• [Assignment]: Make an exact copy of the entries, taking out every picture.

========

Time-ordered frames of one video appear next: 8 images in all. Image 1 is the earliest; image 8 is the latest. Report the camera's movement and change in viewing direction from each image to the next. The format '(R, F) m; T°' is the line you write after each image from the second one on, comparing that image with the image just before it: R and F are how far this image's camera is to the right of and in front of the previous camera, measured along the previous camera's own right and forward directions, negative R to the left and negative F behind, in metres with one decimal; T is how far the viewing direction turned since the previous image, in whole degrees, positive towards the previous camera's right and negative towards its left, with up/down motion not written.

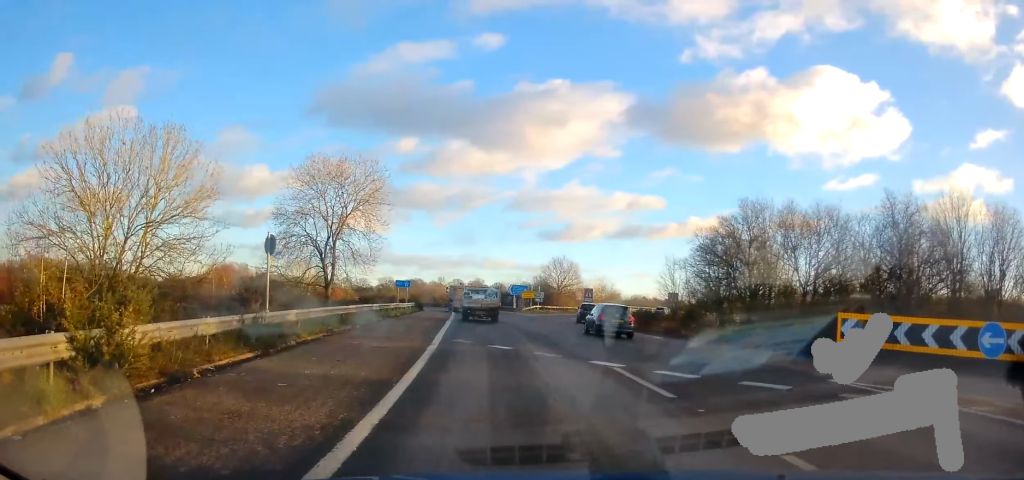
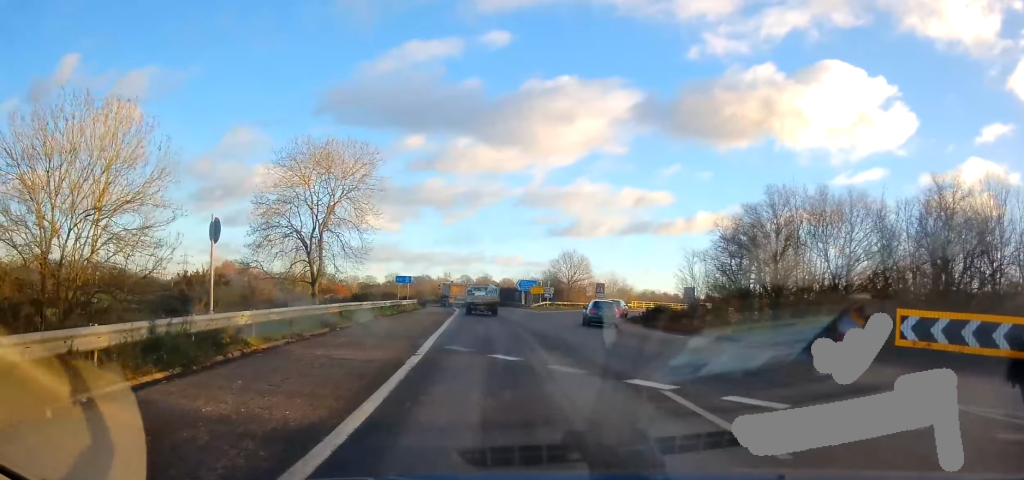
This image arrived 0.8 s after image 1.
(0.0, +3.0) m; 0°
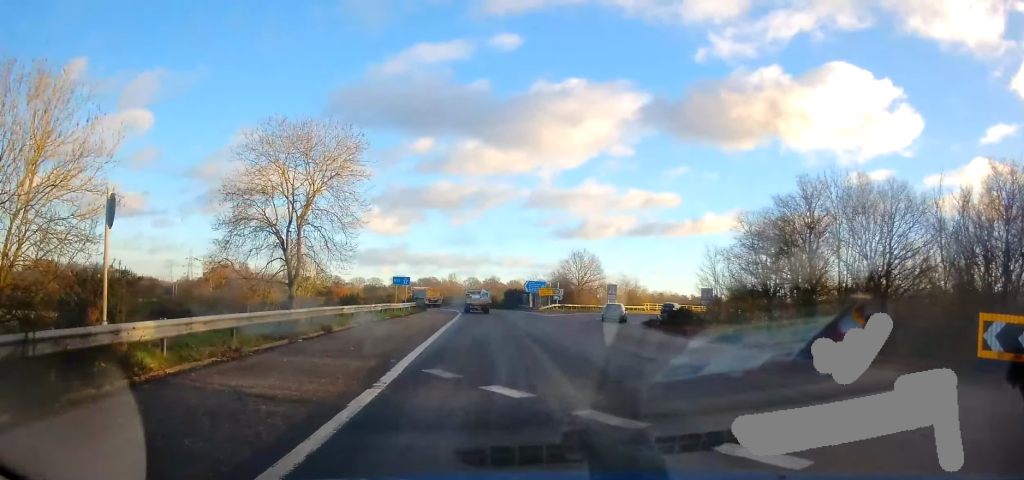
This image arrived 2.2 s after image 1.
(-0.1, +3.2) m; +1°
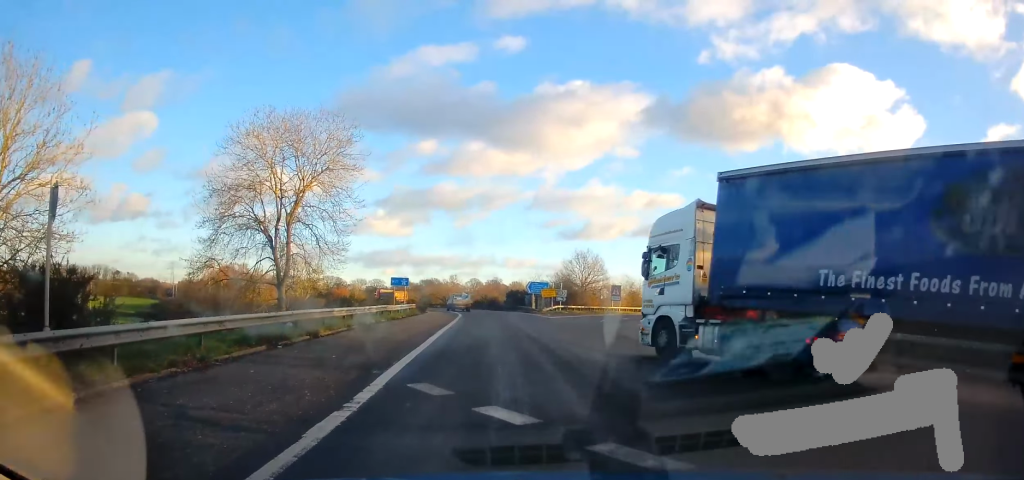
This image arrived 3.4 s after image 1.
(+0.2, +1.4) m; 0°
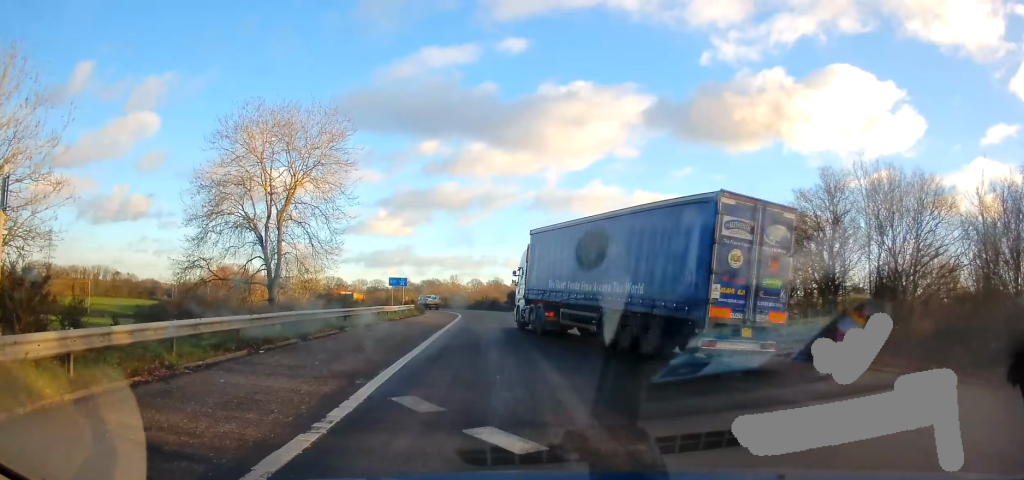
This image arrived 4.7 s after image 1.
(+0.2, +0.9) m; 0°
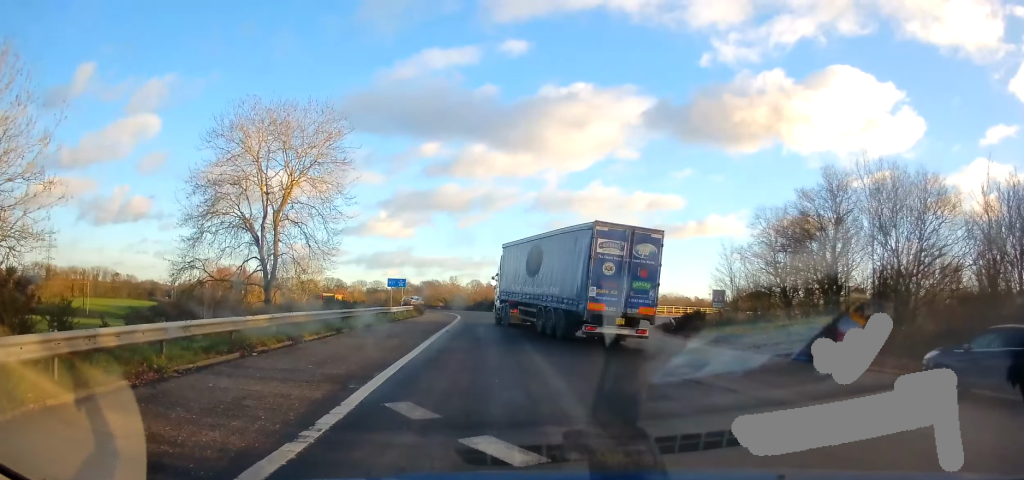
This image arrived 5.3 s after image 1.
(0.0, +0.1) m; 0°
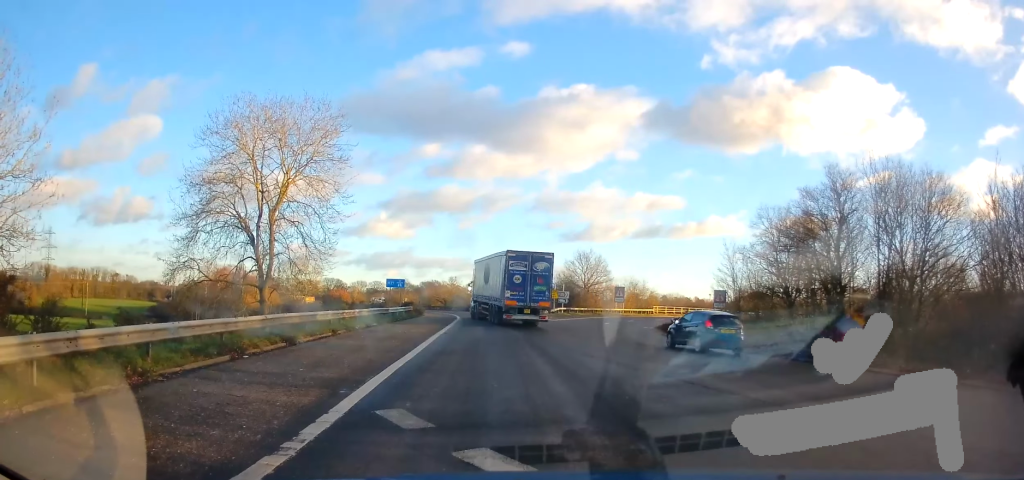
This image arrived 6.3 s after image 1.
(0.0, +0.1) m; 0°
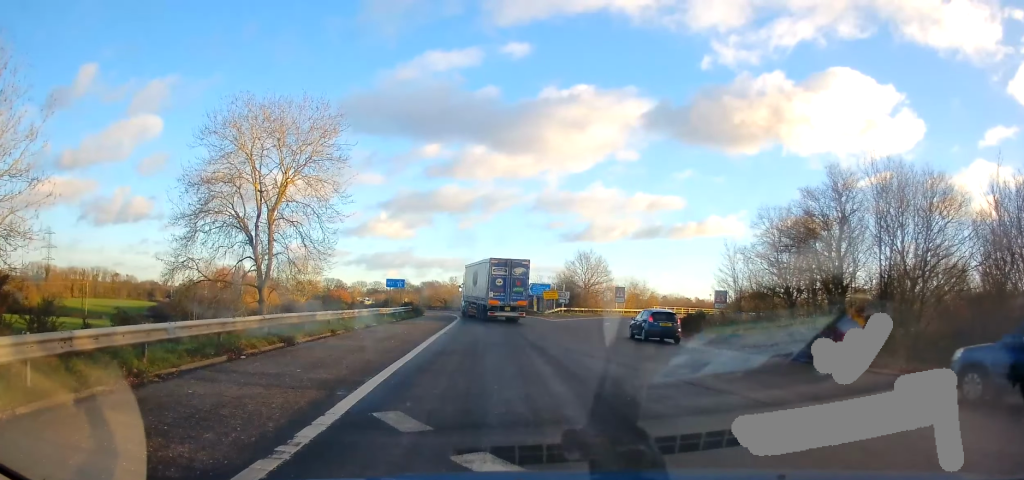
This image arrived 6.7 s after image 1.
(0.0, 0.0) m; 0°

========

• [Output for this task]:
Time-ordered frames of one video appear next: 8 images in all. Image 1 is the earliest; image 8 is the latest. Report the camera's movement and change in viewing direction from each image to the next. The format '(R, F) m; T°' is the line you write after each image from the second one on, comparing that image with the image just before it: R and F are how far this image's camera is to the right of and in front of the previous camera, measured along the previous camera's own right and forward directions, negative R to the left and negative F behind, in metres with one decimal; T is how far the viewing direction turned since the previous image, in whole degrees, positive towards the previous camera's right and negative towards its left, with up/down motion not written.

This image arrived 0.8 s after image 1.
(0.0, +3.0) m; 0°
This image arrived 2.2 s after image 1.
(-0.1, +3.2) m; +1°
This image arrived 3.4 s after image 1.
(+0.2, +1.4) m; 0°
This image arrived 4.7 s after image 1.
(+0.2, +0.9) m; 0°
This image arrived 5.3 s after image 1.
(0.0, +0.1) m; 0°
This image arrived 6.3 s after image 1.
(0.0, +0.1) m; 0°
This image arrived 6.7 s after image 1.
(0.0, 0.0) m; 0°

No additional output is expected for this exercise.